The durability of concrete is a critical factor in ensuring the structural integrity and longevity of infrastructure, with a focus on sustainable development. Traditional durability assessment methods, such as laboratory-based tests, are time-intensive and impractical for real-world applications. This study proposes the use of the Electromechanical Impedance (EMI) technique as a non-destructive, real-time method to assess and predict concrete durability. By embedding Lead Zirconate Titanate (PZT) sensors in concrete specimens, the study monitors changes in admittance signatures-specifically conductance and susceptance signatures over time as the specimens undergo deterioration under exposure to sodium sulfate solutions. The measured signatures are used to derive equivalent structural parameters such as stiffness, damping, and mass, which serve as indicators of deterioration. The results demonstrate that the EMI technique provides a more sensitive, accurate, and efficient means of predicting concrete durability compared to traditional method, further machine learning approach viz. Support Vector Machine was applied to predict the durability. The data trained an Support Vector Regression Model (SVR), which found suitable for predicting deterioration levels.
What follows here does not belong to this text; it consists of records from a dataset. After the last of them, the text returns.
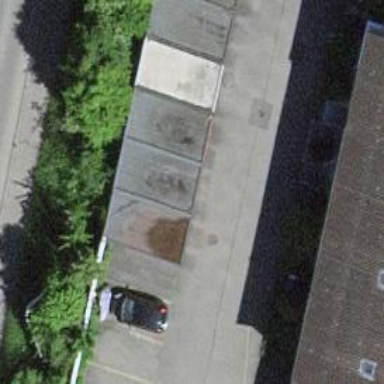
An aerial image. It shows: Garage.
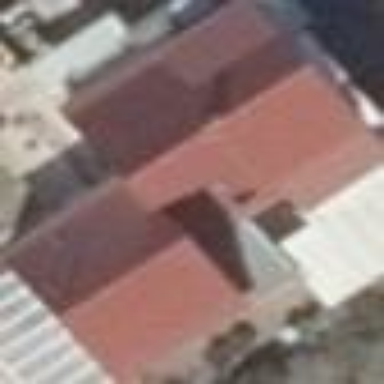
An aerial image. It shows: Detached building with gabled roof.
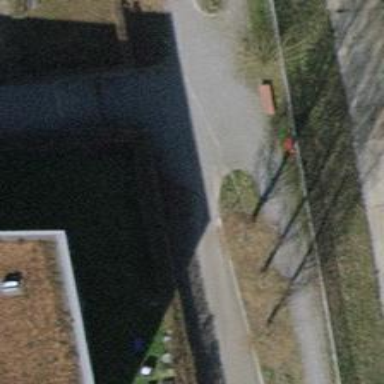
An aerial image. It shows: Bollard barrier.
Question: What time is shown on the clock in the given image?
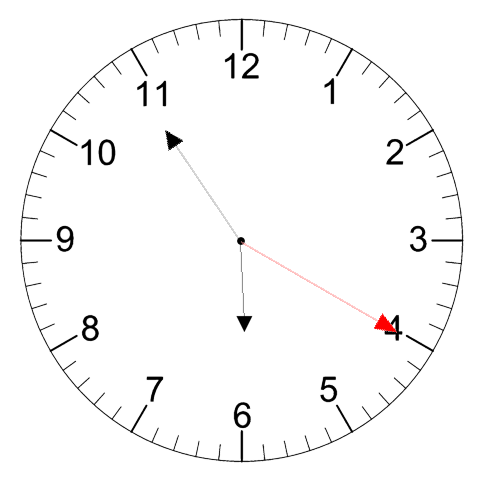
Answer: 05:54:20
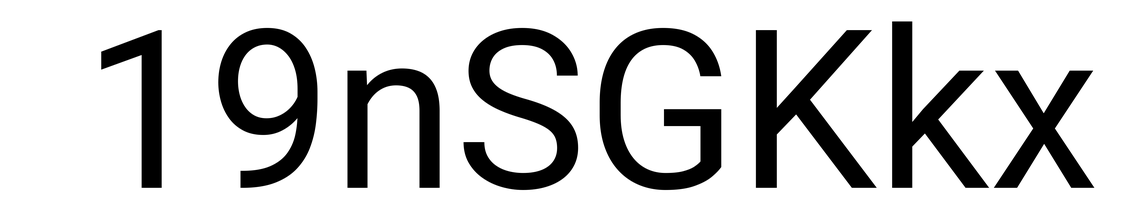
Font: Roboto_Regular
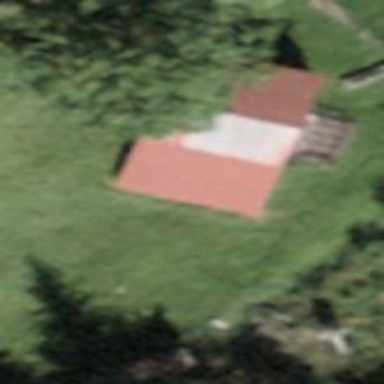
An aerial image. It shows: Barn.
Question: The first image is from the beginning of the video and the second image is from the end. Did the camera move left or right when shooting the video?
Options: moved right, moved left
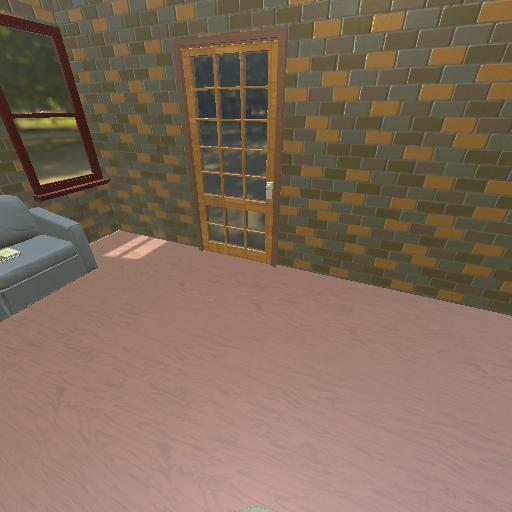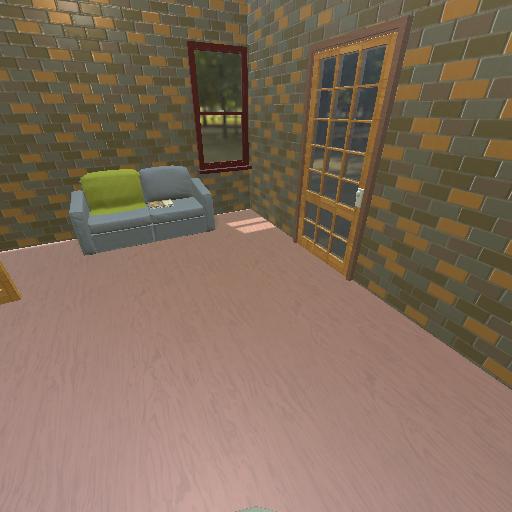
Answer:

This research contributes to the advancement of Structural Health Monitoring (SHM) and sustainable building practices by offering a scalable and sustainable approach for real-time durability assessment, ultimately improving the long-term safety and performance of concrete structures, contributing to a more sustainable development.

使用机电阻抗技术预测混凝土耐久性:实验和机器学习方法
混凝土的耐久性是确保基础设施结构完整性和寿命的关键因素,重点是可持续发展。传统的耐久性评估方法,如基于实验室的测试,耗时且不适合实际应用。本研究提出使用机电阻抗(EMI)技术作为一种非破坏性的、实时的方法来评估和预测混凝土耐久性。通过在混凝土样品中嵌入锆钛酸铅(PZT)传感器,该研究监测了随着时间的推移,当样品暴露于硫酸钠溶液下发生劣化时,导纳特征的变化,特别是电导和电纳特征。测量的特征被用来推导等效的结构参数,如刚度、阻尼和质量,作为劣化的指标。结果表明,与传统方法相比,电磁干扰技术提供了一种更敏感、更准确、更有效的预测混凝土耐久性的方法,进一步采用机器学习方法,即支持向量机来预测耐久性。数据训练了支持向量回归模型(SVR),该模型适用于预测退化程度。本研究通过提供可扩展和可持续的实时耐久性评估方法,为结构健康监测(SHM)和可持续建筑实践的发展做出了贡献,最终提高了混凝土结构的长期安全性和性能,为更可持续的发展做出了贡献。
本文章由计算机程序翻译,如有差异,请以英文原文为准。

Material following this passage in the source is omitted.